Sparse matrices are used whenever we want to store a 2D array that contains mostly zeros:

In [10]:
from scipy import sparse
# Create a 2D NumPy array with a diagonal of ones, and zeros everywhere else (Creating a Dense Matrix (NumPy array))
eye = np.eye(4)
print("NumPy array:\n{}".format(eye))

#np.eye(4) creates a 4x4 identity matrix, which is a square matrix with ones on the diagonal and zeros elsewhere.
#This matrix is stored in a dense format, meaning every element (including the zeros) is explicitly stored in memory.


NumPy array:
[[1. 0. 0. 0.]
 [0. 1. 0. 0.]
 [0. 0. 1. 0.]
 [0. 0. 0. 1.]]


In [13]:
# Convert the NumPy array to a SciPy sparse matrix in Compressed Sparse Row (CSR) format
# Only the nonzero entries are stored
sparse_matrix = sparse.csr_matrix(eye)
print("\nSciPy sparse CSR matrix:\n{}".format(sparse_matrix))
#The csr_matrix function from scipy.sparse converts the dense NumPy array into a sparse matrix using the Compressed Sparse Row (CSR) format.
#In CSR format, only the non-zero elements are stored along with their row and column indices, making it much more memory-efficient for sparse data.
#Instead of storing 16 elements, the CSR format stores only the 4 non-zero elements and their positions.


SciPy sparse CSR matrix:
  (0, 0)	1.0
  (1, 1)	1.0
  (2, 2)	1.0
  (3, 3)	1.0


Usually it is not possible to create dense representations of sparse data (as they would not fit into memory), so we need to create sparse representations directly. Here is a way to create the same sparse matrix as before, using the COO (Coordinate List) format:

In [14]:
data = np.ones(4)
row_indices = np.arange(4)
col_indices = np.arange(4)
eye_coo = sparse.coo_matrix((data, (row_indices, col_indices)))
print("COO representation:\n{}".format(eye_coo))
#Here, you're creating the sparse matrix directly using the Coordinate List (COO) format.
#data contains the non-zero values (in this case, all ones).
#row_indices and col_indices specify the row and column positions of each non-zero element.
#coo_matrix constructs the sparse matrix from this data.

COO representation:
  (0, 0)	1.0
  (1, 1)	1.0
  (2, 2)	1.0
  (3, 3)	1.0


Why Use Sparse Matrices?

Memory Efficiency: Sparse matrices save a significant amount of memory when dealing with large datasets that are mostly zeros. Instead of storing all the zeros, you only store the non-zero elements and their positions.

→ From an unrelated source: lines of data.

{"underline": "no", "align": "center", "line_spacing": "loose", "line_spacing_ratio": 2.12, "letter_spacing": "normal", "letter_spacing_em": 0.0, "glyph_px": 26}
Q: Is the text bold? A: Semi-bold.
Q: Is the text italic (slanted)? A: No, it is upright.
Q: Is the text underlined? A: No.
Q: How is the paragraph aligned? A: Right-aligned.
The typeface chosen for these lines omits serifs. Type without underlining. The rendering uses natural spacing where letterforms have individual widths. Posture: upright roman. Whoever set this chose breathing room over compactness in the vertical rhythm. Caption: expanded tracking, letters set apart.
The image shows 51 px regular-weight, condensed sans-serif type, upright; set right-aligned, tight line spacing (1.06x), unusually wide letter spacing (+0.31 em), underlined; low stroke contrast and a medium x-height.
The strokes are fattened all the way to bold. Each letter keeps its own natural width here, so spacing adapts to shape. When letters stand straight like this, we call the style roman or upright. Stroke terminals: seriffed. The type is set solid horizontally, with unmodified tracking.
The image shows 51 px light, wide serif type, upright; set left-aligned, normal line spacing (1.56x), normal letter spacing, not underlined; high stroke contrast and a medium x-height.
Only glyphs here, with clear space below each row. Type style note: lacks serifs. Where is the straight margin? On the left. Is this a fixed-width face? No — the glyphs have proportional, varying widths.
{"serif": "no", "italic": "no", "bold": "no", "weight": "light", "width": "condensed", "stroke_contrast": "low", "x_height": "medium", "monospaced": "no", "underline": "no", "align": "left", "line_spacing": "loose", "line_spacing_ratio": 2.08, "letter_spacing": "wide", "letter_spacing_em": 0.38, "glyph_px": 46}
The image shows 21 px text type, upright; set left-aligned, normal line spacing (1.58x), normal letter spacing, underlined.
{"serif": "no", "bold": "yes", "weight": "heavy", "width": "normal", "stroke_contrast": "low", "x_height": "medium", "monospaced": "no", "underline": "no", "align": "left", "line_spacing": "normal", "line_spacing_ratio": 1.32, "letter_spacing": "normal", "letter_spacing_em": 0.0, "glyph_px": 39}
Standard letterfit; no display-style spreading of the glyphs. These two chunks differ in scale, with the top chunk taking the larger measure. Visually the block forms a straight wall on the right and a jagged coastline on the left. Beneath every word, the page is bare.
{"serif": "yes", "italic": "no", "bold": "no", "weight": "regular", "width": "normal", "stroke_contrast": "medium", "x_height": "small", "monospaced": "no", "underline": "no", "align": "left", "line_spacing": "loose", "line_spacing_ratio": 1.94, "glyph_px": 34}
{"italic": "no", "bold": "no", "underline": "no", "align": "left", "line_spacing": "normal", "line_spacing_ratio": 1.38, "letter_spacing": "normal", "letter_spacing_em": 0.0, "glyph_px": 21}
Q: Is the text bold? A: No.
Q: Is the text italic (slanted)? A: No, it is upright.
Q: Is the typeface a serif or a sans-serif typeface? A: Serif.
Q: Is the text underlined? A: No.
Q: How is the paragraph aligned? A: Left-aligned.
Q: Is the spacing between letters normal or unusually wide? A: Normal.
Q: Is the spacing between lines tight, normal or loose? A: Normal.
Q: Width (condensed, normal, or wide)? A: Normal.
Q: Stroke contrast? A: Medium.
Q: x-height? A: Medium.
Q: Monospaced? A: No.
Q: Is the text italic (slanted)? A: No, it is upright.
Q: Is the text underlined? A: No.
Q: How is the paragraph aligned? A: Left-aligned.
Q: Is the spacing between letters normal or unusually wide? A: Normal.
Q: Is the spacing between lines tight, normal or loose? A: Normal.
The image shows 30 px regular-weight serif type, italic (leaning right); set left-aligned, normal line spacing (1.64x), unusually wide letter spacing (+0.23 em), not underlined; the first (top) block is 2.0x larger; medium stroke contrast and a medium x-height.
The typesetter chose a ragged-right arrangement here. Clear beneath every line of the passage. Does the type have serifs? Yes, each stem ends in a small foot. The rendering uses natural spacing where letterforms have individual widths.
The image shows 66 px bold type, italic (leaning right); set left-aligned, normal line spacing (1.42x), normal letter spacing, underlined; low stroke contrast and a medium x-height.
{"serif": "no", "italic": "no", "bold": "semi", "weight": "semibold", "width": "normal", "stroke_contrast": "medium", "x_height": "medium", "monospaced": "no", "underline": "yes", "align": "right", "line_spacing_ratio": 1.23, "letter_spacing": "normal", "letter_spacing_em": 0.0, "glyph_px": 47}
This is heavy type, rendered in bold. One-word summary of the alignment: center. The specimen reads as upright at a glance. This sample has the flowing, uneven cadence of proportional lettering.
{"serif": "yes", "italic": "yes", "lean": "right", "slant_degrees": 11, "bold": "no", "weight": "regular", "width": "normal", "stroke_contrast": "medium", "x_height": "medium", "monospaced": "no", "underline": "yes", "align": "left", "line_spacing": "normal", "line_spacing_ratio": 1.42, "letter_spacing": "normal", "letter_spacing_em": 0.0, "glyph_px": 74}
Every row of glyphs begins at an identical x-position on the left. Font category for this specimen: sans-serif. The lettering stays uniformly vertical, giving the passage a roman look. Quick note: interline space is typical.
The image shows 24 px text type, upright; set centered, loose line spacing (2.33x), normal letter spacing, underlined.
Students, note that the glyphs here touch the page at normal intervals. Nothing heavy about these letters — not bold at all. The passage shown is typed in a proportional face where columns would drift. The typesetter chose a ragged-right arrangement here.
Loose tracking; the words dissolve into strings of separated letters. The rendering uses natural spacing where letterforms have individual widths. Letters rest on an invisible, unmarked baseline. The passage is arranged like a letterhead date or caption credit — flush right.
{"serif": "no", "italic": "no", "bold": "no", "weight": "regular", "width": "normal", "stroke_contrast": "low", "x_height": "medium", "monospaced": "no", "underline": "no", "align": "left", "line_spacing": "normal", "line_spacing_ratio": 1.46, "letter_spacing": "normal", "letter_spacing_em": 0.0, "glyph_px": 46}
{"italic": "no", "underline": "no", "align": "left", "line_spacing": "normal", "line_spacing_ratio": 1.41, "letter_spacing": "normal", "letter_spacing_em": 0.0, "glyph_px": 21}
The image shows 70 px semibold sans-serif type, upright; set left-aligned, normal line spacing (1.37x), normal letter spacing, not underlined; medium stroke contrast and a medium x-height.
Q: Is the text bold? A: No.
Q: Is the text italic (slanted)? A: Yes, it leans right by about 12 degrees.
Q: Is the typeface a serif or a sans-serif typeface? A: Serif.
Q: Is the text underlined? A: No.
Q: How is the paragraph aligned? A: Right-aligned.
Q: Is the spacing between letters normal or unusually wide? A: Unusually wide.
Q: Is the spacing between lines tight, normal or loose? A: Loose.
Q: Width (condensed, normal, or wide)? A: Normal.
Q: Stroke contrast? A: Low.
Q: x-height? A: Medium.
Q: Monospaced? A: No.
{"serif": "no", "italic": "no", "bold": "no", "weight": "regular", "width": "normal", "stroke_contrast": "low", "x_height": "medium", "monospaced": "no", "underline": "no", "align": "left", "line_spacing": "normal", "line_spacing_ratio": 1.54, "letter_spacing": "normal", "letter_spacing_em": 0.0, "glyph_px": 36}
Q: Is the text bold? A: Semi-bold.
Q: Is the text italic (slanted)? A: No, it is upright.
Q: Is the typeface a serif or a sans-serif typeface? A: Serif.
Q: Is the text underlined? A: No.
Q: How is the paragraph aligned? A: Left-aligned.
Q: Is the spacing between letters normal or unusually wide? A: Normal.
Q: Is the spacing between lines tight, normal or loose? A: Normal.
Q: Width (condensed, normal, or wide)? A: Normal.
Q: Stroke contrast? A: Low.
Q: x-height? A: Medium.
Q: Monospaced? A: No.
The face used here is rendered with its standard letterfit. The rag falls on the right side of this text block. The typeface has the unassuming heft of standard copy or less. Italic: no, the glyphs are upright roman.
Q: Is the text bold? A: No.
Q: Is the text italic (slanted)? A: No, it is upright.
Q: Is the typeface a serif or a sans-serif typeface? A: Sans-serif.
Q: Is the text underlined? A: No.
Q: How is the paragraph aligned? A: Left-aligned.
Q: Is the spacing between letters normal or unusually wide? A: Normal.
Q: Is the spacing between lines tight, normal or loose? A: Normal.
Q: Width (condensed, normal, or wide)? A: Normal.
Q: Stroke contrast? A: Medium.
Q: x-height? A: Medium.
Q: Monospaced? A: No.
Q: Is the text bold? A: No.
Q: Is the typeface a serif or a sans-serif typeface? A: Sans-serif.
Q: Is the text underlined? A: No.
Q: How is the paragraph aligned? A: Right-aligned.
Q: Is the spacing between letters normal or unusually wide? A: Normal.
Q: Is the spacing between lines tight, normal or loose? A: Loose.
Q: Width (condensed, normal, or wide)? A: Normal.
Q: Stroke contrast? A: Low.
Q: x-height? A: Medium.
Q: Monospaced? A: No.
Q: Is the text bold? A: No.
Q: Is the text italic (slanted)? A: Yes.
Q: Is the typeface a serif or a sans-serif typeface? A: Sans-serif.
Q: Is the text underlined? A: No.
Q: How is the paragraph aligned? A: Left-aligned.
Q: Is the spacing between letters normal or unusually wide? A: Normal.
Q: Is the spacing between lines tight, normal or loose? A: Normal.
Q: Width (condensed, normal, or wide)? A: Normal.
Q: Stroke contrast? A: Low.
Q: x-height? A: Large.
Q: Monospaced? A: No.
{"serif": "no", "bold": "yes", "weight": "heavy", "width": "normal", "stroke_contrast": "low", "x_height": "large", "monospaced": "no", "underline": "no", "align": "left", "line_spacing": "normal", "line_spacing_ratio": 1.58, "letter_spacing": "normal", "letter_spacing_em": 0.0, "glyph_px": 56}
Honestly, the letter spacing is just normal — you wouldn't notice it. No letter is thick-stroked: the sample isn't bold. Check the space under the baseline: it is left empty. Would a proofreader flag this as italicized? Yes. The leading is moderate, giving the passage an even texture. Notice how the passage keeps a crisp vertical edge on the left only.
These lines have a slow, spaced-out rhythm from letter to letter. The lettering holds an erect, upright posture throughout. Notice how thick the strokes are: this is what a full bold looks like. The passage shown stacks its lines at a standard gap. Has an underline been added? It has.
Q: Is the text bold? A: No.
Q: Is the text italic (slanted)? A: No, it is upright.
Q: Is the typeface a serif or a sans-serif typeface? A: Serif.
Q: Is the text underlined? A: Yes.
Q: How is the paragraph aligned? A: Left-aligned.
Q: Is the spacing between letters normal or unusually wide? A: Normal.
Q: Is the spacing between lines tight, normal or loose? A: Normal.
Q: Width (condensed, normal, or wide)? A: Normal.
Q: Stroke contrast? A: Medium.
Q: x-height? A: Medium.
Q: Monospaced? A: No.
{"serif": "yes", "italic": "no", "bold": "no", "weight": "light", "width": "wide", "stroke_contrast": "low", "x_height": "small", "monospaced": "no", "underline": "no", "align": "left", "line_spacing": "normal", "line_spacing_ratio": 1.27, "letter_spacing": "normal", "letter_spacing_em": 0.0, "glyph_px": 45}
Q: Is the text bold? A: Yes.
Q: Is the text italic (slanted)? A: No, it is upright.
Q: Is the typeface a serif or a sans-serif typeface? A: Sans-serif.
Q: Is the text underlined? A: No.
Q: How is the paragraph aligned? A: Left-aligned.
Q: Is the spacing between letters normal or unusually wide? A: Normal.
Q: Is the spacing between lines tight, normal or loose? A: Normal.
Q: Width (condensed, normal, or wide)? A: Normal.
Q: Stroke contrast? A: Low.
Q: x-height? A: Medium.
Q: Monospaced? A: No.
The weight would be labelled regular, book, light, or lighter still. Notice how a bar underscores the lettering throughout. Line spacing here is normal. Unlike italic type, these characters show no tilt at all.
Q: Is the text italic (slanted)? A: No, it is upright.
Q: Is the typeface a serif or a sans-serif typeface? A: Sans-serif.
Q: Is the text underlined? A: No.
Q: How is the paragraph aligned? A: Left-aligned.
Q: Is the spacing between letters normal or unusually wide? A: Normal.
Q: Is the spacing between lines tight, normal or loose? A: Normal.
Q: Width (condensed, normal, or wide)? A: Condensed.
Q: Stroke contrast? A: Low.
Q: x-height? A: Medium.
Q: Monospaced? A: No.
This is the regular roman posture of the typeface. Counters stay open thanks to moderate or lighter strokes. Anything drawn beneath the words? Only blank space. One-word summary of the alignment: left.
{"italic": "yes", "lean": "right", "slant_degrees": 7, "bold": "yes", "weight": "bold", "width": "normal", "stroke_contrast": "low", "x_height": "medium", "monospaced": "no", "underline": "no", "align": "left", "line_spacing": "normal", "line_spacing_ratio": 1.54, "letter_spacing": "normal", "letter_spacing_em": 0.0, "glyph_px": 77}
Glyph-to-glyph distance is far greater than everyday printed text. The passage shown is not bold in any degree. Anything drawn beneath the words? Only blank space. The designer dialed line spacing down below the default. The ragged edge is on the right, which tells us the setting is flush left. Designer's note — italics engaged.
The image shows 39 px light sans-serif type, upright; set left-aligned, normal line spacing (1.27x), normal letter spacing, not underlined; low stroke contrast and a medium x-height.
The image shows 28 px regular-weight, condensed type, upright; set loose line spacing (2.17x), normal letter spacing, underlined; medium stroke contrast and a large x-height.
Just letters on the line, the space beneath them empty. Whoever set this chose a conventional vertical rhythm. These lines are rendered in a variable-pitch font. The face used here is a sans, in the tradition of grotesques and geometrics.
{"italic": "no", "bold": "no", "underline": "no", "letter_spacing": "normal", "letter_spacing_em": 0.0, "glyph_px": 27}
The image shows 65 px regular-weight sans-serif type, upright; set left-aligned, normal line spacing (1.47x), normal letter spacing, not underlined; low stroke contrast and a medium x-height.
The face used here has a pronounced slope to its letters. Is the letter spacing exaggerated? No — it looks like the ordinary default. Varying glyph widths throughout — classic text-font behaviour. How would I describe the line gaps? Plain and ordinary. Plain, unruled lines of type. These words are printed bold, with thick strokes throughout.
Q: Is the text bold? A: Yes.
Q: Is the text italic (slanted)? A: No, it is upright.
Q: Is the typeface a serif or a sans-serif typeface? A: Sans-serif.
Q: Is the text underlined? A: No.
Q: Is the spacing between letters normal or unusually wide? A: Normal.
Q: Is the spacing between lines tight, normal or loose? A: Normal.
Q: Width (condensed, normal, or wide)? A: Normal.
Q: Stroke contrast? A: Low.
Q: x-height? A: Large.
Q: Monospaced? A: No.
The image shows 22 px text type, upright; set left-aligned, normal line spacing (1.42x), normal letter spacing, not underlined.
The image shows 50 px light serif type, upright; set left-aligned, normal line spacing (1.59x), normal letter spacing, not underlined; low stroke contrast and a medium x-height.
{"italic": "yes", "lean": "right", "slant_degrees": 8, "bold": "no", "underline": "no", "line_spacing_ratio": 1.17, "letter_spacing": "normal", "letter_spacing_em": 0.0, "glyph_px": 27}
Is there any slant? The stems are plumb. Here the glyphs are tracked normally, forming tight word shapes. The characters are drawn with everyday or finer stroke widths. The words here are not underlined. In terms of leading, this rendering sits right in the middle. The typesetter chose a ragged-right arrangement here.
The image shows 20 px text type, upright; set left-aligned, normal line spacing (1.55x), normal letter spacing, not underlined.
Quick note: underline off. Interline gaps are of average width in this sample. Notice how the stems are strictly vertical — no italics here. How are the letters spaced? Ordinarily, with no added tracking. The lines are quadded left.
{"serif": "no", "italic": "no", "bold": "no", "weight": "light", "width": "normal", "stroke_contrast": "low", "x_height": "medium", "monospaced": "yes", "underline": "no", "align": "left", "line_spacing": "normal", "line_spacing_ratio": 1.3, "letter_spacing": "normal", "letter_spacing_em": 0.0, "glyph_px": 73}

Computational Efficiency: Operations on sparse matrices are often faster because the algorithms can skip over the zero elements, focusing only on the non-zero data.

Use in Scikit-learn
Scikit-learn leverages sparse matrices to handle large datasets efficiently, particularly in tasks like text classification where feature vectors can have thousands or even millions of dimensions, with most of them being zero. By using sparse matrices, scikit-learn can perform machine learning tasks without running into memory issues, making it possible to work with large-scale data.